In November, Braddock said Jordan Cove was now “cautiously proceeding” with “the critical steps necessary to secure all of the approvals and consents” needed to construct and operate Jordan Cove in dual-use configuration. He anticipated that to be a two-year process.
Like Jordan Cove, the related 234-mile, 36-inch Pacific Connector Pipeline Project has FERC approval, but it is working its way through various state and federal land-use and environmental permitting processes that will take at least another 12-15 months, according to Braddock. The switch to an export location won’t change much for the consortium pipeline, he says.
The former Sempra LNG leader, Hulse, would not comment on prospective West Coast projects in Canada or the United States, preferring to stick with his conviction about virgin sites having more costly unknowns than existing LNG receipt facilities.

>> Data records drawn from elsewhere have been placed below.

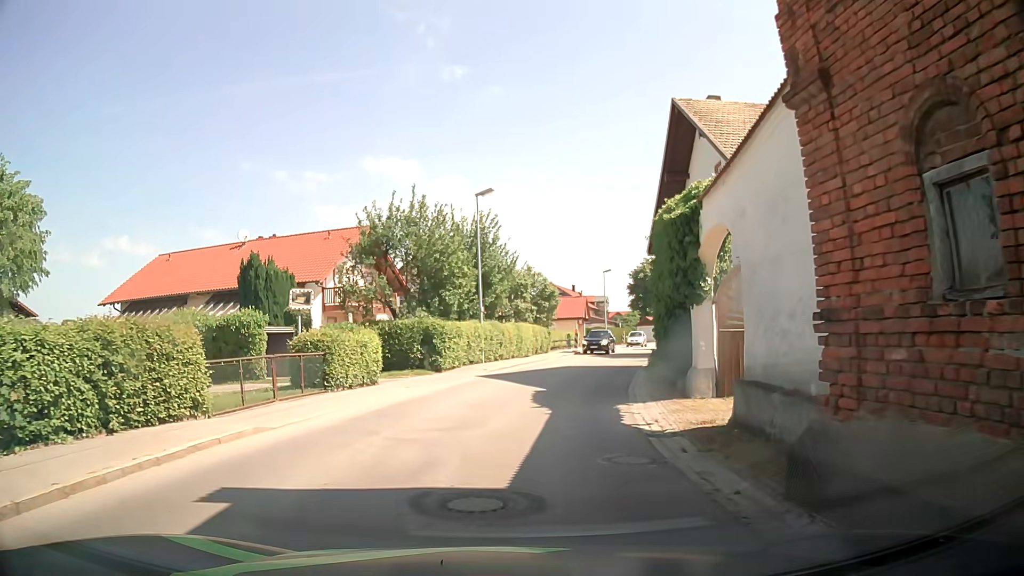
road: tertiary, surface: asphalt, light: Day
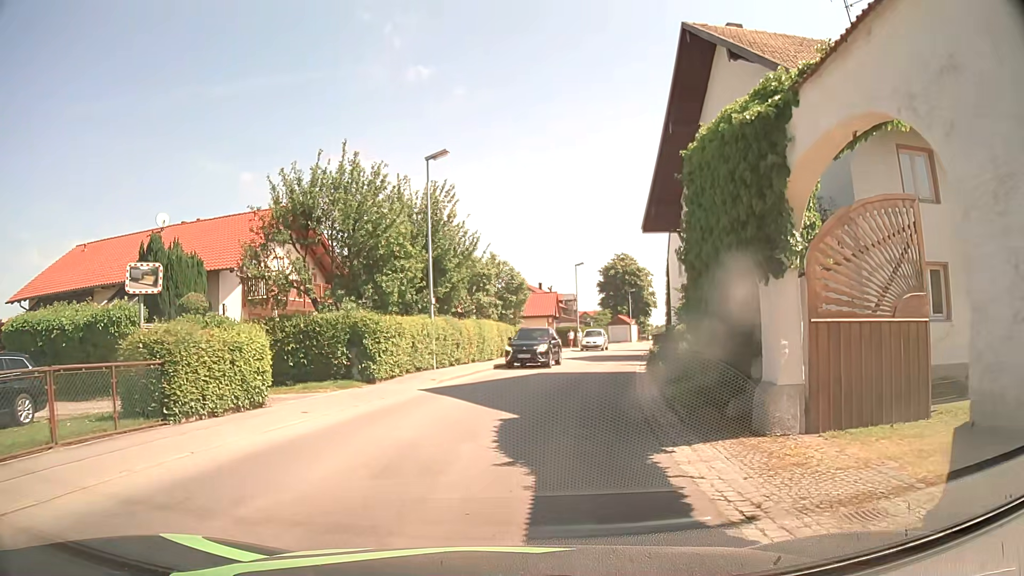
(+0.1, +6.6) m; +3°
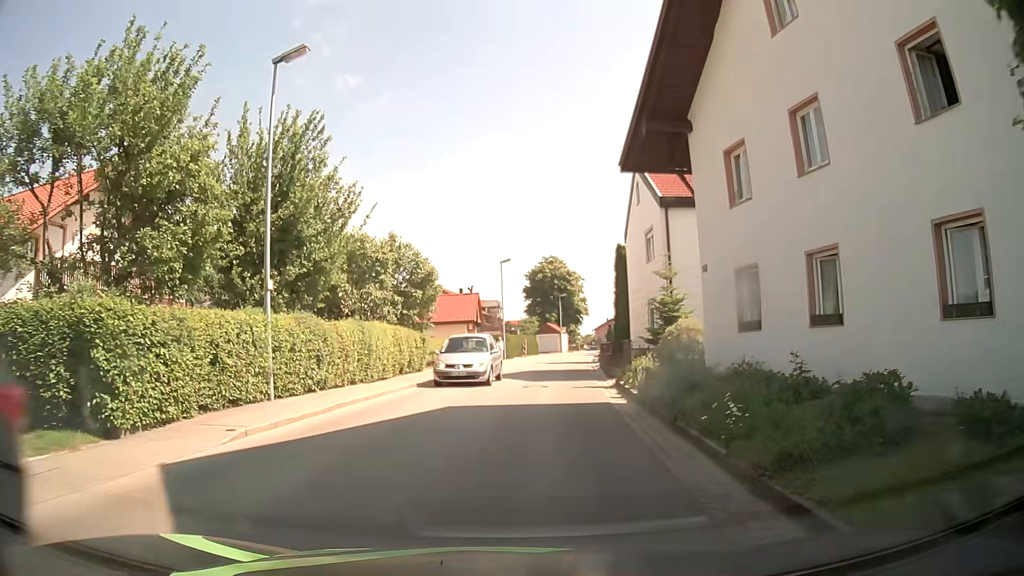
(+0.5, +10.2) m; +6°
(0, +10) (+1, +20) (+2, +30) (+3, +40) (+4, +50) (+6, +60) (+8, +69) (+10, +79) (+12, +89) (+14, +99) m

To Hulse, the economics are superior for the existing sites.
“All I would say is that when you have a brownfield in a key location, you have an economic advantage and you have taken a good portion of the risk out of the project,” he said in December in an extensive interview.
“You’ve already constructed a lot of the facilities that take a lot of manpower during construction, so for that part of the project the risk has been removed.” The engineering and logistics, aside from political/regulatory considerations, easily fall into place, according to Hulse.

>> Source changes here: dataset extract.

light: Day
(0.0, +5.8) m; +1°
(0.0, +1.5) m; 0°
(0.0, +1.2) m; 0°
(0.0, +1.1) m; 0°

What is really involved in developing an export capability?
“On the liquefaction side, you have much larger components, you order them in advance, you know the prices of the equipment, you install them and then in effect hook them up, so your man-hours to the total cost are much lower than if you were still building tanks and marine facilities,” Hulse says.
There are contractors in the U.S. that have built these overseas, but Hulse thinks probably the best place to build one of these facilities is in the Gulf of Mexico. “They are probably the standard in the global industry by which productivity is measured.”
He sees “potentially thousands of jobs” in the energy sector that could be created by an export movement. That includes thousands of construction jobs and many permanent jobs going forward.
“The economic pull for this kind of thing would be tremendous for this country,” Hulse says. “So when we take a look at all of this, there are some very compelling [national interest] reasons from the standpoint of GDP, balance-of-payments, jobs-creation and other reasons why these [LNG exports] would be very good projects for the economy and the future of the country.”
Like TransCanada and other infrastructure companies, Sempra sees its role as developing infrastructure with the backing of long-term contracts with highly creditworthy companies. “That is kind of the nature of our business. We will not put our shareholders at risk for large market flings,” Hulse says.
Sempra senior executives say they have received substantial interest in LNG exports from gas producers who are willing to take on the risk of signing export contracts, according to Hulse. The producers are “very interested in an export capability at Cameron and they are the people who could handle that added risk in seeking increased value for their gas. They’re like anybody else who produces and delivers a commodity.”
Sempra has submitted an export application to DOE for 12 million tons annually, which would be 1.7-1.8 Bcf/d equivalent. The GOM is a global center for technology and workforce expertise to build these facilities, according to Hulse and others.
For the gas industry, LNG exports appear to be a certain part of future U.S. developments. It is just a question of when and how extensive they will be. And Ziff Energy’s Gwozd would add another question, when and where they can become of long-term value to investors?